• WHAT THE EXERCISE ASKS: Show the lines of the material that contain the word "columns".

• DATASET RECORDS:
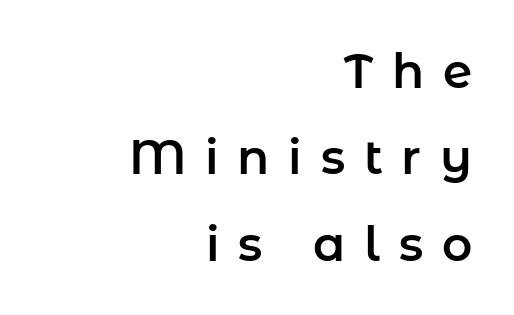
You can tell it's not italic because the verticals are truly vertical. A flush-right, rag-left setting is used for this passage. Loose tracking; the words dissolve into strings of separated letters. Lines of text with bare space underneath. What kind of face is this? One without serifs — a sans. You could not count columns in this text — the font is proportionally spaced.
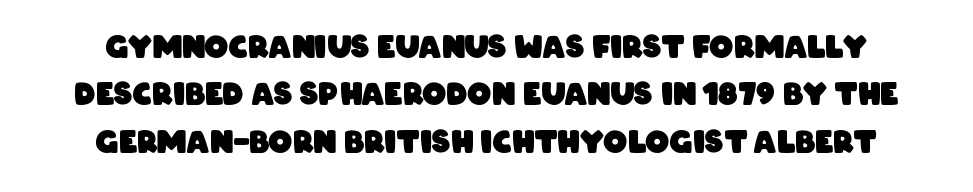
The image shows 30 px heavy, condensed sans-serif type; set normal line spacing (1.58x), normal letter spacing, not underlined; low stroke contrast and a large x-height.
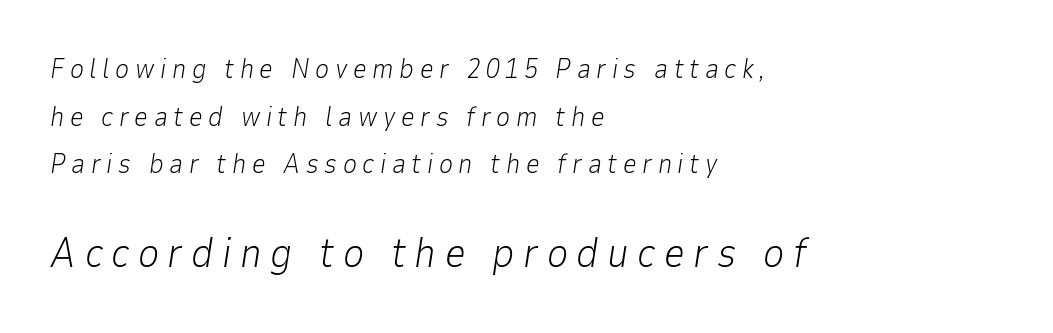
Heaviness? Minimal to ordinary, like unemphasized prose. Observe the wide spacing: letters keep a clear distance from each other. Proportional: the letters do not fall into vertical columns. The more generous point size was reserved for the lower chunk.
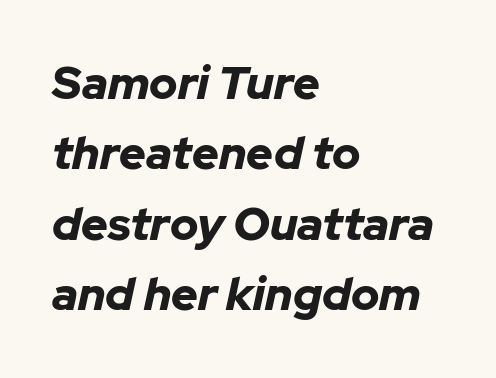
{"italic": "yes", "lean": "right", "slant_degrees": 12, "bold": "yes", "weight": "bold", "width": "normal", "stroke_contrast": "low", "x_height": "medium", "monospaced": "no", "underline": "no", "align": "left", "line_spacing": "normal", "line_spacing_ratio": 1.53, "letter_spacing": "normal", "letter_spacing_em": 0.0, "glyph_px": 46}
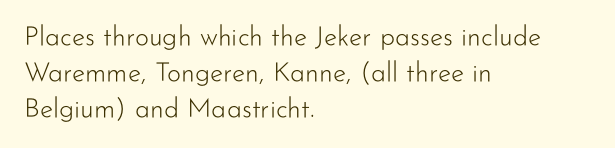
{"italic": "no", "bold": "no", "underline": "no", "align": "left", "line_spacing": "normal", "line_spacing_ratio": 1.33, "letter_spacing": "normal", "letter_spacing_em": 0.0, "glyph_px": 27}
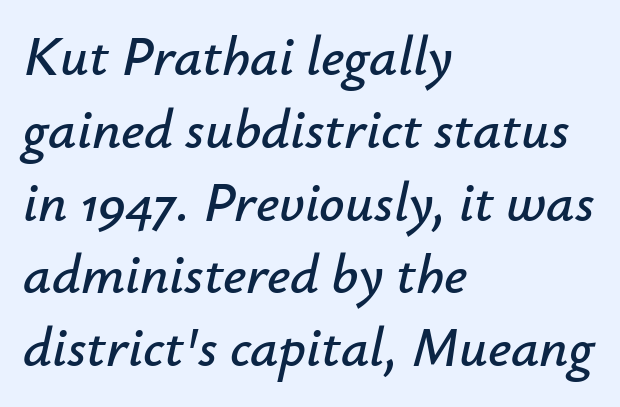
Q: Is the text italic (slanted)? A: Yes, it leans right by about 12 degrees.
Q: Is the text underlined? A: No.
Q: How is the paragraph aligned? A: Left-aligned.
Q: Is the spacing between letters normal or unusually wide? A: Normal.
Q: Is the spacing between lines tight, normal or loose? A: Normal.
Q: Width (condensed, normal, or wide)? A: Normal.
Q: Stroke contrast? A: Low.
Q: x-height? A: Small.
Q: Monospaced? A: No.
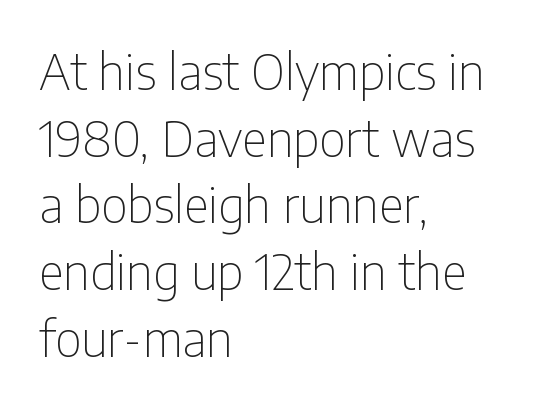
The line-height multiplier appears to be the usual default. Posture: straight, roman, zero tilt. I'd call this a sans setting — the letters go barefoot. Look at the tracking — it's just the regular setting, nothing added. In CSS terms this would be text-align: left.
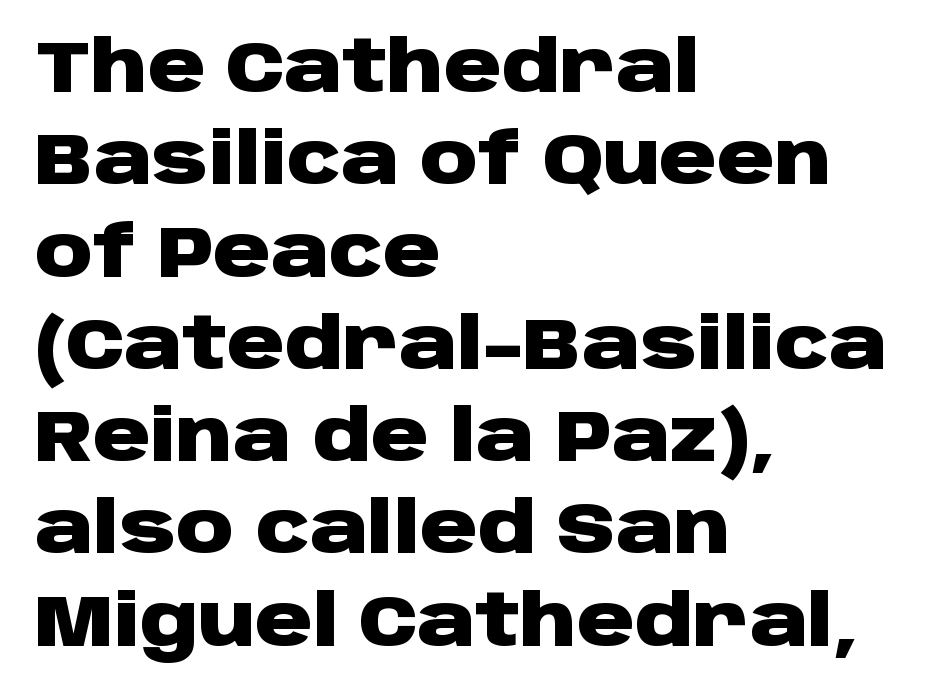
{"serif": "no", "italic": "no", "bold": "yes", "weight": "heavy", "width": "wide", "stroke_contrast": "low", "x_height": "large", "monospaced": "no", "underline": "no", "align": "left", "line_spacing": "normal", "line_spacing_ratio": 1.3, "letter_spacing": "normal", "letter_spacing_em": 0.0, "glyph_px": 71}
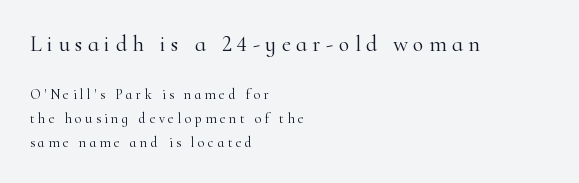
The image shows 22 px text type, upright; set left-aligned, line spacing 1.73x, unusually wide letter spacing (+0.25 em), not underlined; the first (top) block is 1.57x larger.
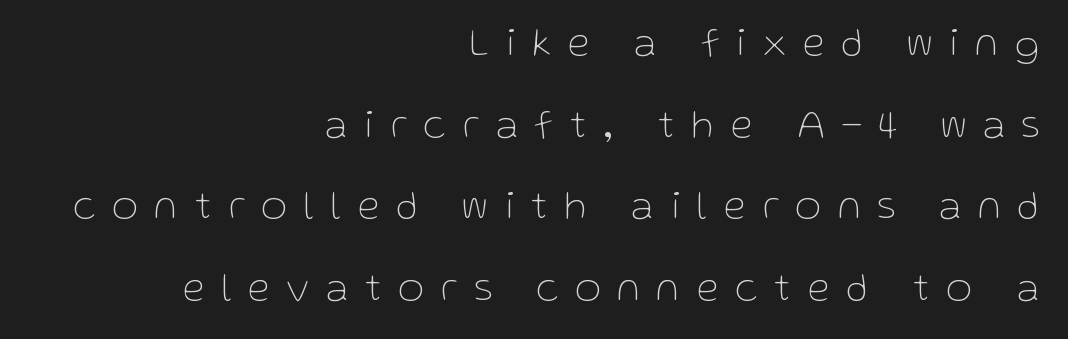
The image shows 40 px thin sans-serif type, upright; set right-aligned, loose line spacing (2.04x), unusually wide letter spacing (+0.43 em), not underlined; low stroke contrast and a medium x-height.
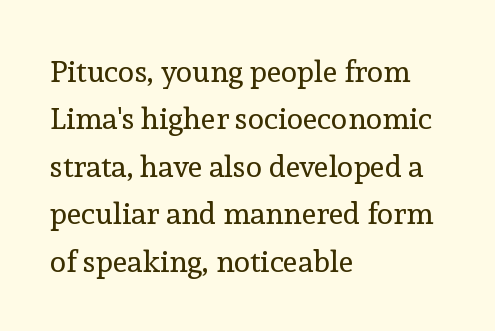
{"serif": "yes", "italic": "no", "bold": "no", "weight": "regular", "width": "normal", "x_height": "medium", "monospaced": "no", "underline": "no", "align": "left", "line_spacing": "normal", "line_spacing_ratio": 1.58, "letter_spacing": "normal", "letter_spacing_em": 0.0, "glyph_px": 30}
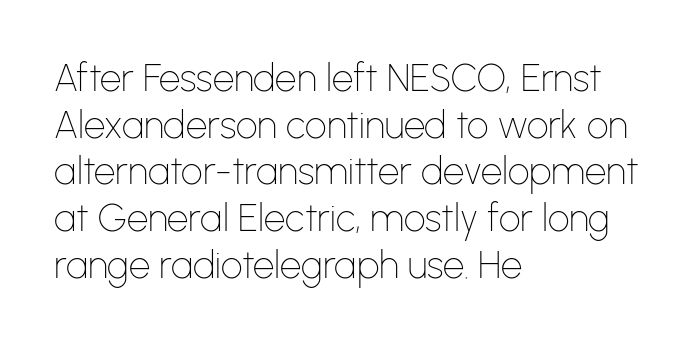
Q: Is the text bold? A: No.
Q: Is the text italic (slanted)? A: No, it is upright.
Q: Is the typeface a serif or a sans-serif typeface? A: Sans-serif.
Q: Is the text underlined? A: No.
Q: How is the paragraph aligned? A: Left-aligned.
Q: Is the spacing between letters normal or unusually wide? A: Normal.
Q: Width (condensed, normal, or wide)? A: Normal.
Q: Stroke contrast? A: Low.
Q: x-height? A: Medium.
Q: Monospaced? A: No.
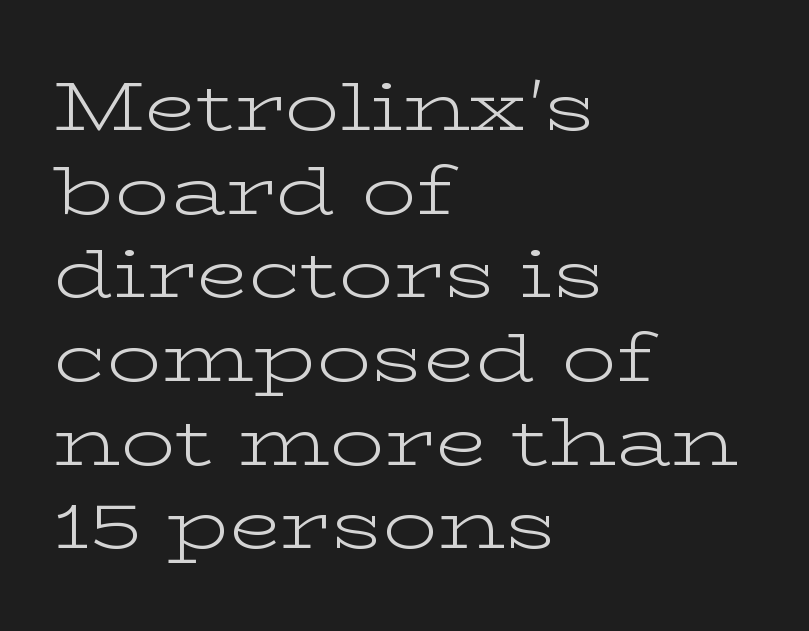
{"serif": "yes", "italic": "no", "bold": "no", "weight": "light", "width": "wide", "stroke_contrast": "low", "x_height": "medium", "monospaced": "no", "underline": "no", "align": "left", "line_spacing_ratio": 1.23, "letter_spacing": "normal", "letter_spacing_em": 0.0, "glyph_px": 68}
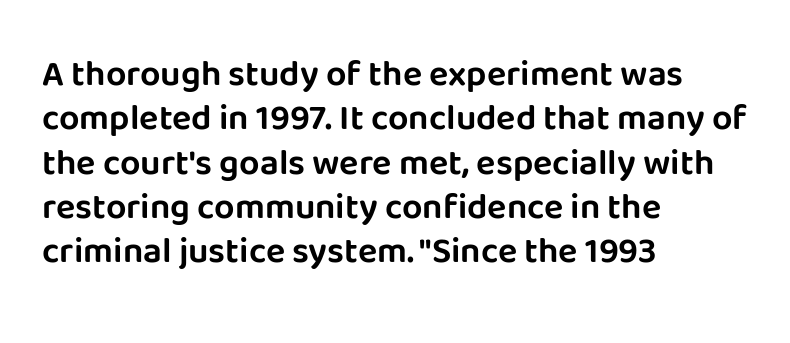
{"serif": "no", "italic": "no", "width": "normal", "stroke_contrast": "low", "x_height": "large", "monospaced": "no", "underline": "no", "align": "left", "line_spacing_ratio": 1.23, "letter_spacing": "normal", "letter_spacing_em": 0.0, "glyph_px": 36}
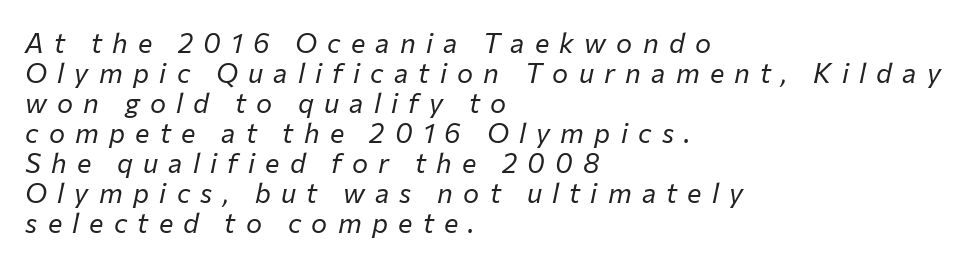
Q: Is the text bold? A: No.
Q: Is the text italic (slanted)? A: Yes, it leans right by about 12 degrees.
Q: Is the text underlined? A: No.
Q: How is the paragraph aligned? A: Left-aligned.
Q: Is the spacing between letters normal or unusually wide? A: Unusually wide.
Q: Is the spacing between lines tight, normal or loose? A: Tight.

• THE COMPLETED TASK:
You can tell it's not italic because the verticals are truly vertical. A flush-right, rag-left setting is used for this passage. Loose tracking; the words dissolve into strings of separated letters. Lines of text with bare space underneath. What kind of face is this? One without serifs — a sans. You could not count columns in this text — the font is proportionally spaced.
Heaviness? Minimal to ordinary, like unemphasized prose. Observe the wide spacing: letters keep a clear distance from each other. Proportional: the letters do not fall into vertical columns. The more generous point size was reserved for the lower chunk.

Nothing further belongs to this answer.